En plein cœur d’une session parlementaire déserte, l’Assemblée nationale a adopté, le 19 juin, un amendement porté par le Rassemblement national (RN), appelant à rouvrir la centrale nucléaire de Fessenheim. Cette décision a suscité de vives réactions dans le débat public. Le même jour, l’Autorité de sûreté nucléaire et de radioprotection (ASNR) a toutefois précisé, lors d’une conférence de presse, que toute remise en service de la centrale était irréalisable.
Fessenheim ne rouvrira pas : la centrale nucléaire est définitivement condamnée

Fessenheim : un vote symbolique déconnecté des réalités
Le nom de Fessenheim a refait surface à l’Assemblée nationale, à la faveur d’un amendement inattendu et essentiellement symbolique. Adopté dans la nuit du 18 au 19 juin 2025, le texte porté par le RN, soutenu par une coalition de circonstance LR et quelques députés d’outre-mer, réclame le redémarrage d’une centrale mise à l’arrêt il y a cinq ans. Ce vote intervient la veille même de la présentation par l’ASNR de son rapport annuel de sûreté nucléaire pour le Grand Est.

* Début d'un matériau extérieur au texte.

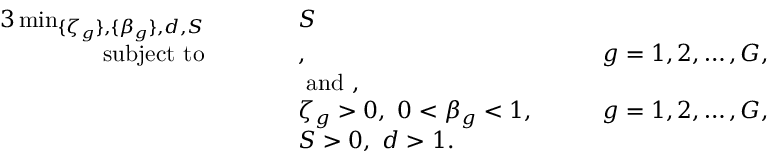
\begin{array} { r l r l r l } { { 3 } \operatorname* { m i n } _ { \{ \zeta _ { g } \} , \{ \beta _ { g } \} , d , S } } & { \quad } & & { S } & & { } \\ { \mathrm { s u b j e c t ~ t o } } & { } & & { , } & { \quad } & { g = 1 , 2 , \ldots , G , } \\ & { } & & { \mathrm { ~ a n d ~ } , } & & { } \\ & { } & & { \zeta _ { g } > 0 , \ 0 < \beta _ { g } < 1 , } & { \quad } & { g = 1 , 2 , \ldots , G , } \\ & { } & & { S > 0 , \ d > 1 . } & & { } \end{array}

Ceux qui rêvent d’une relance nucléaire immédiate y voient une revanche sur la fermeture jugée précipitée de 2020. Mais sur le terrain, personne ne s’y trompe. Claude Brender, maire de Fessenheim, désormais fervent défenseur du projet industriel de reconversion, a définitivement tourné la page, dans des propos rapportés par France 3 régions : « C'est un projet important pour notre territoire. Après la fermeture de la centrale nucléaire, cela représente un rebond économique, des emplois, des finances pour la commune. », déclarait-il déjà en 2024. Même EDF n’a jamais envisagé le moindre scénario de redémarrage.
Fessenheim : une centrale nucléaire techniquement condamnée
L’ASNR a mis les points sur les i lors de sa conférence du 19 juin. Son verdict est sans appel : « Plusieurs opérations irréversibles ont été réalisées, pour lesquelles il n’existe pas à ce jour de solution technique pour revenir en arrière », peut-on lire dans L'Alsace. Parmi ces opérations : la décontamination des circuits, le démantèlement de composants en cœur de cuve et le prélèvement de matériaux pour caractérisation radiologique. Ces interventions, engagées dès 2021, rendent toute perspective de réactivation improbable.
Mais ce n’est pas tout. Sur le plan réglementaire, la centrale a perdu toute assise juridique : « Il n’existe pas de procédure pour remettre en service une installation définitivement arrêtée. Le projet serait considéré comme une nouvelle installation à part entière », précise le rapport de l’ASNR, dans des propos rapportés par France 3 régions. Et cette "nouvelle" installation ne répondrait à aucun des standards de sûreté en vigueur aujourd’hui, le quatrième réexamen décennal n’ayant jamais eu lieu.
Fessenheim, un gouffre économique
On aurait pu penser que le nucléaire, en regain de grâce politique, méritait des investissements massifs. Mais dans le cas de Fessenheim, la messe est dite : « Il n’est pas du tout avéré que le projet serait opportun. D’ailleurs EDF ne l’a jamais envisagé », a martelé l’ASNR. Même l’exploitant n’en veut pas. Le chantier de démantèlement est bien avancé, et un "technocentre" de recyclage de métaux faiblement radioactifs, estimé à 450 millions d’euros, doit voir le jour sur le site.
Ce projet s’inscrit dans une logique d’économie circulaire, bien plus compatible avec les exigences contemporaines de transition énergétique. Relancer Fessenheim signifierait donc détruire le travail déjà accompli, investir des milliards supplémentaires dans une structure dépassée et réglementairement obsolète. Le simple bon sens semble avoir déserté les bancs parlementaires.